A empresa irá acabar com todos os plásticos de uso único de todas as vendas até 2023 (o que engloba os sacos de plástico nas lojas e os finos sacos de plástico nas encomendas online). E tenciona passar 80% da sua energia para fontes renováveis nas lojas, centros logísticos e escritórios.
MANTER O RÁPIDO
Estes objectivos são louváveis, principalmente com uma empresa com tanto alcance e escala como a Inditex. O grupo tem 7490 lojas em 96 mercados de todo o mundo, empregando 174 mil pessoas de 154 nacionalidades. Tornar mais sustentável todas as partes do negócio pode levar a enormes diminuições na poluição por carbono e plástico.
Mas em nenhum dos seus anúncios a Inditex abordou o volume de vestuário que produz, ou o modelo de vender peças na moda a uma fracção do preço das marcas de designers. Na verdade, está a trabalhar para um maior crescimento. Nos últimos cinco anos, as suas vendas cresceram entre 4% e 10% todos os anos. Embora seja boas notícias para os accionistas, é uma má notícia para o planeta.

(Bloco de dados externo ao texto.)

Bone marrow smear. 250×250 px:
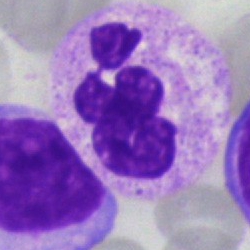

Q: What type of cell is this?
A: It is a neutrophil (segmented).
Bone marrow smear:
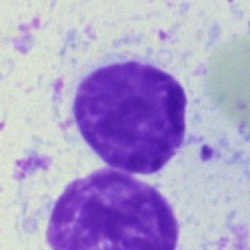Cell type: artefact.
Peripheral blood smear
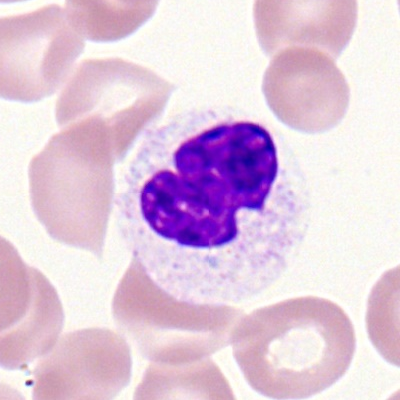

Q: What type of cell is this?
A: This is a polymorphonuclear neutrophil.
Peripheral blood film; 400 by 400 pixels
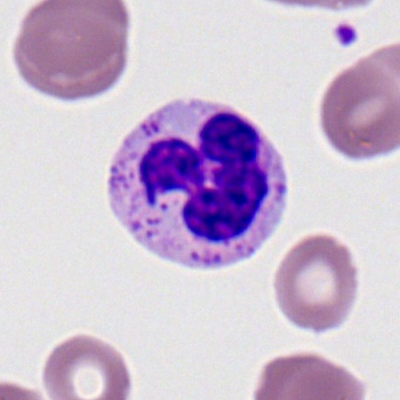

Impression — segmented neutrophil.
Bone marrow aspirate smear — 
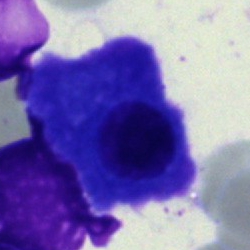Q: What cell is this?
A: It is a plasmacyte.
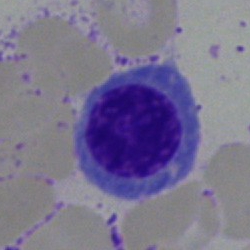
Impression — nucleated red blood cell.
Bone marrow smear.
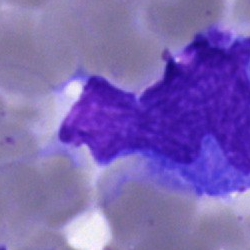
Q: What is shown here?
A: This is an artefact.
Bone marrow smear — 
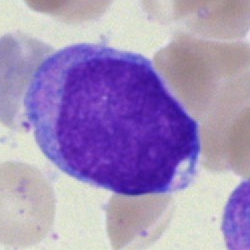
Specimen: bone marrow aspirate smear.
Morphological class: blast cell.
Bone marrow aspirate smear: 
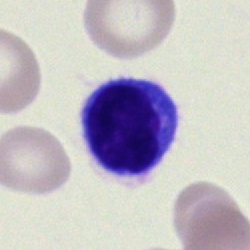

Q: What cell is this?
A: Lymphocyte.
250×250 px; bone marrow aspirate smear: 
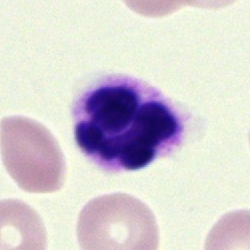
Morphological class — segmented neutrophil.
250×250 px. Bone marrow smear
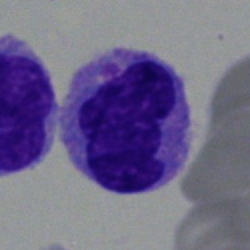 Single cell identified as a monocyte.
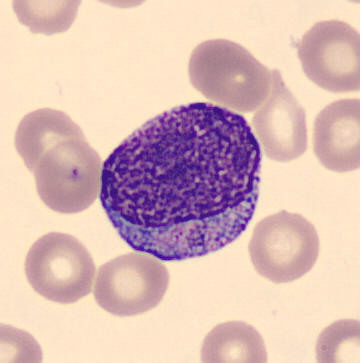A promyelocyte. Peripheral blood film.
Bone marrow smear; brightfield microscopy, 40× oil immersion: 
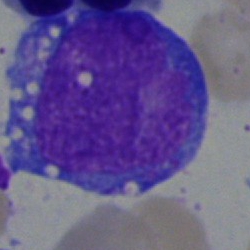 Q: What type of cell is this?
A: Undifferentiated blast.
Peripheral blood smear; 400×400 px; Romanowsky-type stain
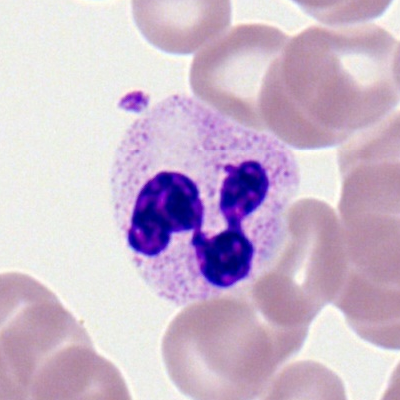 Cell type: polymorphonuclear neutrophil.
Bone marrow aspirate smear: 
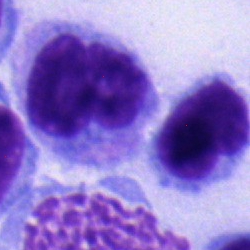 Impression → typical lymphocyte.
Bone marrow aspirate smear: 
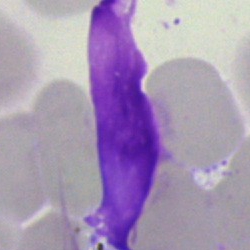
Q: What is shown here?
A: It is an artifact.
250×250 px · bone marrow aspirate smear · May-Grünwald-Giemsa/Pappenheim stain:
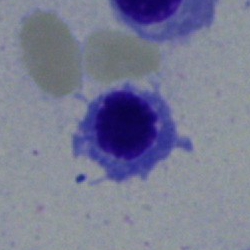This is a nucleated red cell.
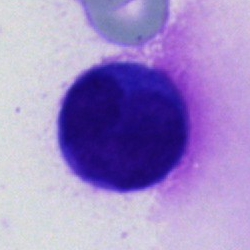

{"cell_type": "cell of indeterminate lineage"}
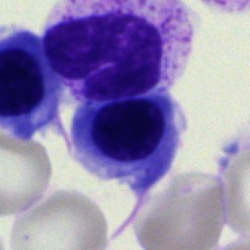
The morphological class is nucleated red blood cell.
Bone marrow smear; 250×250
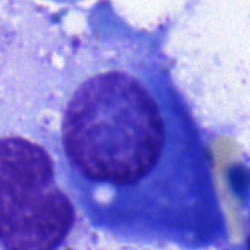

Impression — plasmacyte.
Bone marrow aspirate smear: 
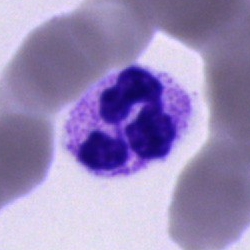

Q: What cell is this?
A: This is a polymorphonuclear neutrophil.
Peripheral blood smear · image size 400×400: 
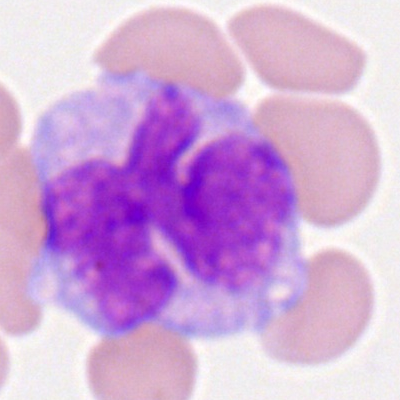
Morphology → monocyte.
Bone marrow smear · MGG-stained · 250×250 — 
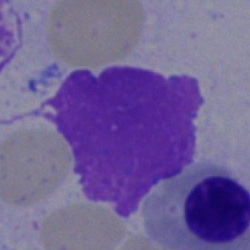

Q: What is shown here?
A: An artifact.
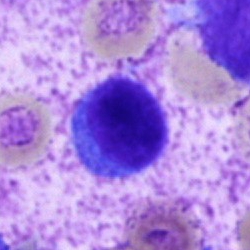Impression — typical lymphocyte.

Por muito ecológica que a cadeia de abastecimento se torne, produzir mais e mais vestuário tem um custo ambiental. Na realidade toda a cadeia de abastecimento está feita para imitar a última tendência, e a natureza da moda torna-a rapidamente obsoleta. Graças à sua logística ágil, os clientes podem entrar uma Zara em Tóquio e perguntar de têm casacos camuflados.
Se o gerente da loja ouve o mesmo pedido uma série de vezes, pode enviar uma mensagem para os designers da empresa. Ao fim de umas semanas, um novo carregamento de casacos camuflados chega ao mercado japonês, respondendo assim a uma microtendência japonesa. Este tipo de agilidade é um dos pontos fortes da Zara – e da Inditex.
Mas neste momento, está a ser usado para criar novos estilos que podem estar fora de moda daqui a umas semanas ou meses. E isto contribui para o excesso de consumo. A abordagem mais ecológica seria criar peças duráveis e clássicas que o cliente usaria durante anos até serem enviadas para reciclagem.
A Zara já cria algumas peças que encaixam nesta descrição na sua linha Básicos, e podia expandir esta parte da colecção. E podia aproveitar a sua cadeia de abastecimento ágil para começar a fazer peças a pedido, para que nunca tivesse de reduzir o preço. A Zara ajudou a criar a tendência da moda rápida. Tem também poder para acabar com ela e inventar um modelo de negócio novo para a indústria da moda.